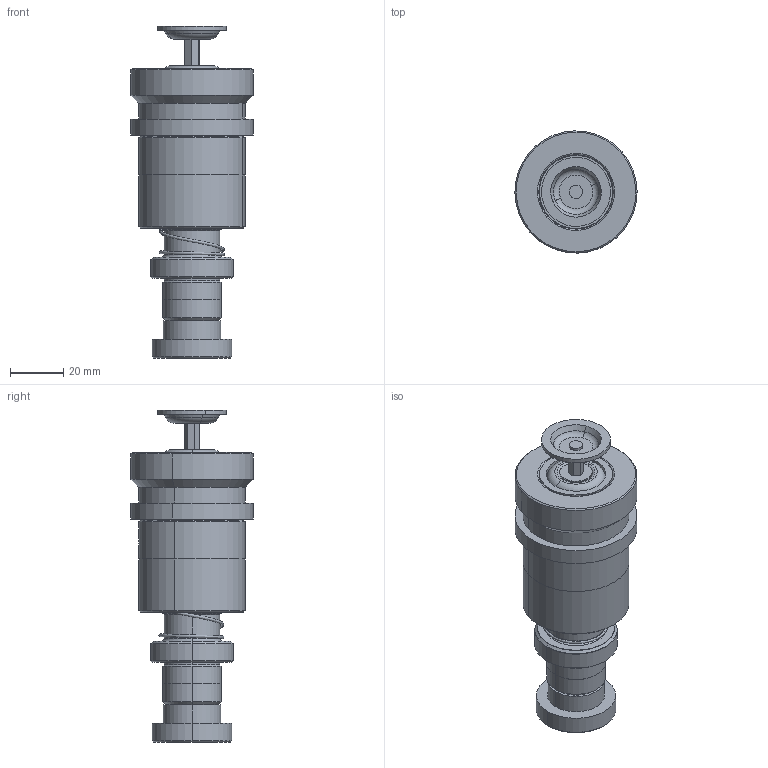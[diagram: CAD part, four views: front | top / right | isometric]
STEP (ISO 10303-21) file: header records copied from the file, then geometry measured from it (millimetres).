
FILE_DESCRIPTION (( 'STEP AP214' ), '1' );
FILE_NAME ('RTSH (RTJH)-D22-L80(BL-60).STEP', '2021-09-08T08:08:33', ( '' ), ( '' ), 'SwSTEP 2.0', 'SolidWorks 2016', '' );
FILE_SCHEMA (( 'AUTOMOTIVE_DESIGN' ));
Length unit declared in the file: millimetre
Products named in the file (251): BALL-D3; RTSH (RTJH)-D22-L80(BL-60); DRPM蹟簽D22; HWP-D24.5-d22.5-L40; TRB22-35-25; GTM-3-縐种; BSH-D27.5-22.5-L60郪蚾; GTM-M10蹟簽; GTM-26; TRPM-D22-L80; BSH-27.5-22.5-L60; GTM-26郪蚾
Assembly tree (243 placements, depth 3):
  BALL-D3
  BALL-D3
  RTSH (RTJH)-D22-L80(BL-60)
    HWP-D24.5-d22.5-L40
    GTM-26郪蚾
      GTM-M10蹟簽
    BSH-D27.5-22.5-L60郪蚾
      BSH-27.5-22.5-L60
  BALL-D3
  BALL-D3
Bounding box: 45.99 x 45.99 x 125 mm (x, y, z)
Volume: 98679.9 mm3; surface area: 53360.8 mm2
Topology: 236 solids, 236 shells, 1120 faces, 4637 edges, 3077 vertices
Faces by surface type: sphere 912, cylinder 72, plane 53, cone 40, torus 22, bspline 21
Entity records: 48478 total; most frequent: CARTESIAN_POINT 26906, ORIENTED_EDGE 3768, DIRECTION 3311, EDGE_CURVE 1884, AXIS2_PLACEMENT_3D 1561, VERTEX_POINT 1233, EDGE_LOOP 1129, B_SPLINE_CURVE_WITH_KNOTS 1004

==

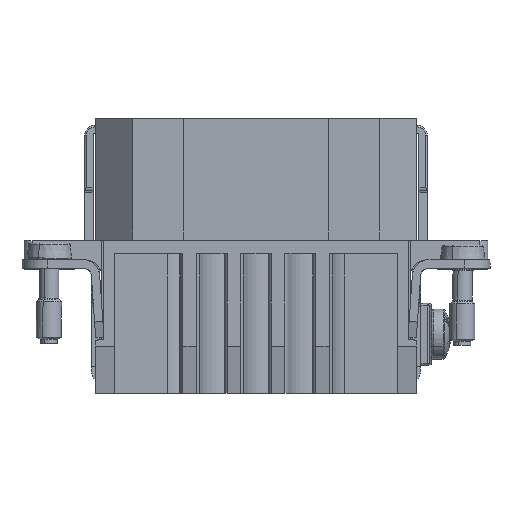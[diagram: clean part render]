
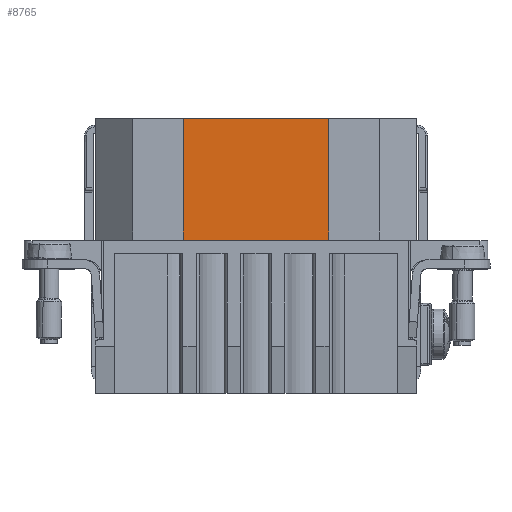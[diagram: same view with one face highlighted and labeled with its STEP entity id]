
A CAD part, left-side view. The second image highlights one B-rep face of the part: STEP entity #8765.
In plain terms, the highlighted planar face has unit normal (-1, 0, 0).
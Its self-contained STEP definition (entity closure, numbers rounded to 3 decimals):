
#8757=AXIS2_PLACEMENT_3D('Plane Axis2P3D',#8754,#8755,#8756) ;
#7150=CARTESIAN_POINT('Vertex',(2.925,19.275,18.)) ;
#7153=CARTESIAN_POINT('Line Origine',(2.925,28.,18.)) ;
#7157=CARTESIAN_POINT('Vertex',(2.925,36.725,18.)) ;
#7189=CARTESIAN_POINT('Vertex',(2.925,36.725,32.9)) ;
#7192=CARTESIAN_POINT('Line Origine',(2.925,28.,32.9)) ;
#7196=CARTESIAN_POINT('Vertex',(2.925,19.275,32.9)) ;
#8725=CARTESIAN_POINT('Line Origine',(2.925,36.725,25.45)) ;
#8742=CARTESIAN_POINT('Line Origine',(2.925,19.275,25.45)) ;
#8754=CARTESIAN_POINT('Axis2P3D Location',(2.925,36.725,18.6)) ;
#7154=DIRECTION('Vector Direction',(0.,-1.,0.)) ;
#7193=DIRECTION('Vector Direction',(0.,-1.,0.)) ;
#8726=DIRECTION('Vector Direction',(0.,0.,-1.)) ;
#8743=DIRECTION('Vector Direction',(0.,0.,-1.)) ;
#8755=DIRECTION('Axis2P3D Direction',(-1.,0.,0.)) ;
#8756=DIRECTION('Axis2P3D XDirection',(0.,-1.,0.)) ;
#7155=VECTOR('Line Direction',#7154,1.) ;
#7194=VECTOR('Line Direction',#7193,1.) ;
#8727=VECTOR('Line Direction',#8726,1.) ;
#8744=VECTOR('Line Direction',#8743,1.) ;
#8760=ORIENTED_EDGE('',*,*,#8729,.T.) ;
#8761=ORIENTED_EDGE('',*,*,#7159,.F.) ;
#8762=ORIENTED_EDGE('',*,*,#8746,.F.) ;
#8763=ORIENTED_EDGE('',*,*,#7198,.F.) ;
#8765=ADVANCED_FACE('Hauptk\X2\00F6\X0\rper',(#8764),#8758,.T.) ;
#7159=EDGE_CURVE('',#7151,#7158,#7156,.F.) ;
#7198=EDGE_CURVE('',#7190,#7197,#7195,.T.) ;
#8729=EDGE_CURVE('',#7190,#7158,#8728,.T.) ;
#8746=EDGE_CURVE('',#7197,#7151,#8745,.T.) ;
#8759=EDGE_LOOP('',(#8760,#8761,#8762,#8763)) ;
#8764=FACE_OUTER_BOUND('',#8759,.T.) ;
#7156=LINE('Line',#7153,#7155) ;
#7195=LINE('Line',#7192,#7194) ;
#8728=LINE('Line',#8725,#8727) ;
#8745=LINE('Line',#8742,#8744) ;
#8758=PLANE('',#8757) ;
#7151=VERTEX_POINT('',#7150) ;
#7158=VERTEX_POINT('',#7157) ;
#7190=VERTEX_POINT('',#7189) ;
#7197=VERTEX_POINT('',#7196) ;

__Exercise details__
Starting at the line above that holds "#7154=DIRECTION('Vector Direction',(0.,-1.,0.)) ;" and ending at the line that holds "#8729=EDGE_CURVE('',#7190,#7158,#8728,.T.) ;", transcribe each line exactly and include no other lines.

__Answer area__
#7154=DIRECTION('Vector Direction',(0.,-1.,0.)) ;
#7193=DIRECTION('Vector Direction',(0.,-1.,0.)) ;
#8726=DIRECTION('Vector Direction',(0.,0.,-1.)) ;
#8743=DIRECTION('Vector Direction',(0.,0.,-1.)) ;
#8755=DIRECTION('Axis2P3D Direction',(-1.,0.,0.)) ;
#8756=DIRECTION('Axis2P3D XDirection',(0.,-1.,0.)) ;
#7155=VECTOR('Line Direction',#7154,1.) ;
#7194=VECTOR('Line Direction',#7193,1.) ;
#8727=VECTOR('Line Direction',#8726,1.) ;
#8744=VECTOR('Line Direction',#8743,1.) ;
#8760=ORIENTED_EDGE('',*,*,#8729,.T.) ;
#8761=ORIENTED_EDGE('',*,*,#7159,.F.) ;
#8762=ORIENTED_EDGE('',*,*,#8746,.F.) ;
#8763=ORIENTED_EDGE('',*,*,#7198,.F.) ;
#8765=ADVANCED_FACE('Hauptk\X2\00F6\X0\rper',(#8764),#8758,.T.) ;
#7159=EDGE_CURVE('',#7151,#7158,#7156,.F.) ;
#7198=EDGE_CURVE('',#7190,#7197,#7195,.T.) ;
#8729=EDGE_CURVE('',#7190,#7158,#8728,.T.) ;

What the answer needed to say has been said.